Print the entries below word for word; the pictures stay out of your copy.

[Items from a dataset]
↓↓↓

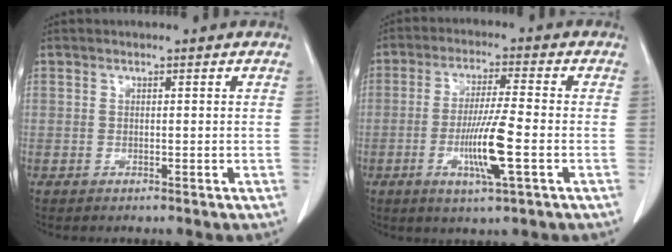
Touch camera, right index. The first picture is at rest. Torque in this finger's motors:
{"motor_torque": [1.25, 0.11, 0.66, 0.10]}
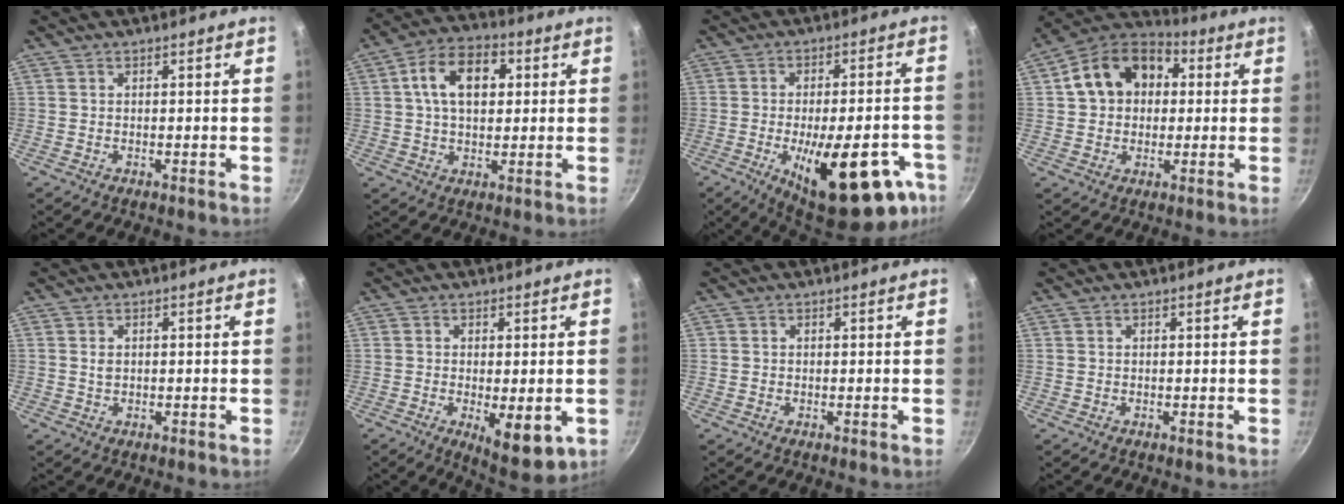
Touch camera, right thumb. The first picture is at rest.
{"total": 11.9, "force": [2.8, 7.4, 8.9], "torque": [-0.135, 0.014, 0.040]}
{"total": 22.7, "force": [-9.7, 8.6, 18.6], "torque": [-0.218, 0.023, -0.119]}
{"total": 14.2, "force": [2.4, 10.8, 8.9], "torque": [-0.119, 0.021, 0.028]}
{"total": 1.1, "force": [0.1, 0.9, 0.5], "torque": [-0.006, 0.001, 0.003]}
{"total": 8.9, "force": [-2.5, 3.3, 7.9], "torque": [-0.111, -0.019, -0.029]}
{"total": 0.0}
{"total": 0.0}
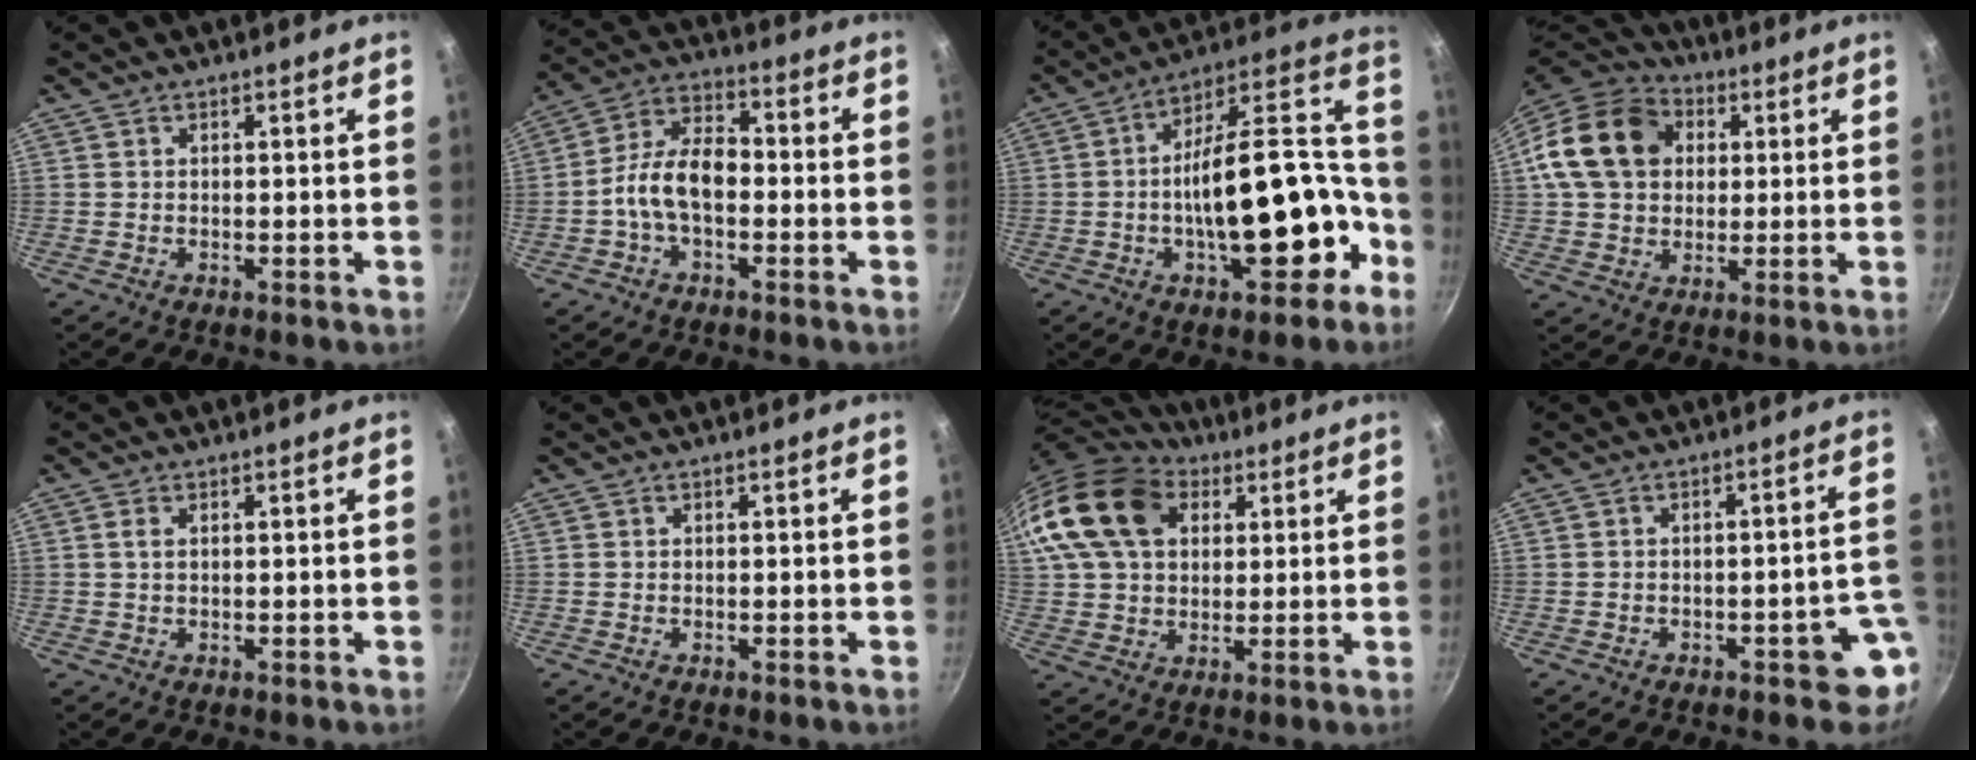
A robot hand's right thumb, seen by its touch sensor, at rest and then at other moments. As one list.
[{"total": 10.1, "force": [-2.0, 5.9, 8.0], "torque": [-0.128, 0.043, -0.051]}, {"total": 24.8, "force": [-6.8, 12.1, 20.6], "torque": [-0.263, 0.079, -0.094]}, {"total": 18.4, "force": [3.8, 14.4, 10.7], "torque": [-0.184, 0.027, 0.056]}, {"total": 1.5, "force": [0.4, 0.9, 1.1], "torque": [-0.021, 0.002, 0.007]}, {"total": 0.0}, {"total": 20.9, "force": [7.2, 14.9, 12.7], "torque": [-0.247, 0.017, 0.124]}, {"total": 5.8, "force": [-2.2, 2.8, 4.5], "torque": [-0.008, 0.030, -0.021]}]
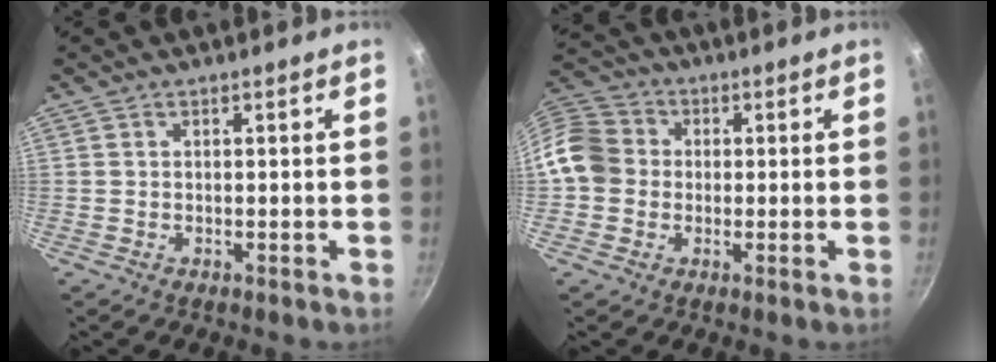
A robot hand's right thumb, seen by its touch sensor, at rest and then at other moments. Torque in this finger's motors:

↑↑↑

EXERCISE SOLUTION:
Touch camera, right index. The first picture is at rest. Torque in this finger's motors:
{"motor_torque": [1.25, 0.11, 0.66, 0.10]}
Touch camera, right thumb. The first picture is at rest.
{"total": 11.9, "force": [2.8, 7.4, 8.9], "torque": [-0.135, 0.014, 0.040]}
{"total": 22.7, "force": [-9.7, 8.6, 18.6], "torque": [-0.218, 0.023, -0.119]}
{"total": 14.2, "force": [2.4, 10.8, 8.9], "torque": [-0.119, 0.021, 0.028]}
{"total": 1.1, "force": [0.1, 0.9, 0.5], "torque": [-0.006, 0.001, 0.003]}
{"total": 8.9, "force": [-2.5, 3.3, 7.9], "torque": [-0.111, -0.019, -0.029]}
{"total": 0.0}
{"total": 0.0}
A robot hand's right thumb, seen by its touch sensor, at rest and then at other moments. As one list.
[{"total": 10.1, "force": [-2.0, 5.9, 8.0], "torque": [-0.128, 0.043, -0.051]}, {"total": 24.8, "force": [-6.8, 12.1, 20.6], "torque": [-0.263, 0.079, -0.094]}, {"total": 18.4, "force": [3.8, 14.4, 10.7], "torque": [-0.184, 0.027, 0.056]}, {"total": 1.5, "force": [0.4, 0.9, 1.1], "torque": [-0.021, 0.002, 0.007]}, {"total": 0.0}, {"total": 20.9, "force": [7.2, 14.9, 12.7], "torque": [-0.247, 0.017, 0.124]}, {"total": 5.8, "force": [-2.2, 2.8, 4.5], "torque": [-0.008, 0.030, -0.021]}]
A robot hand's right thumb, seen by its touch sensor, at rest and then at other moments. Torque in this finger's motors:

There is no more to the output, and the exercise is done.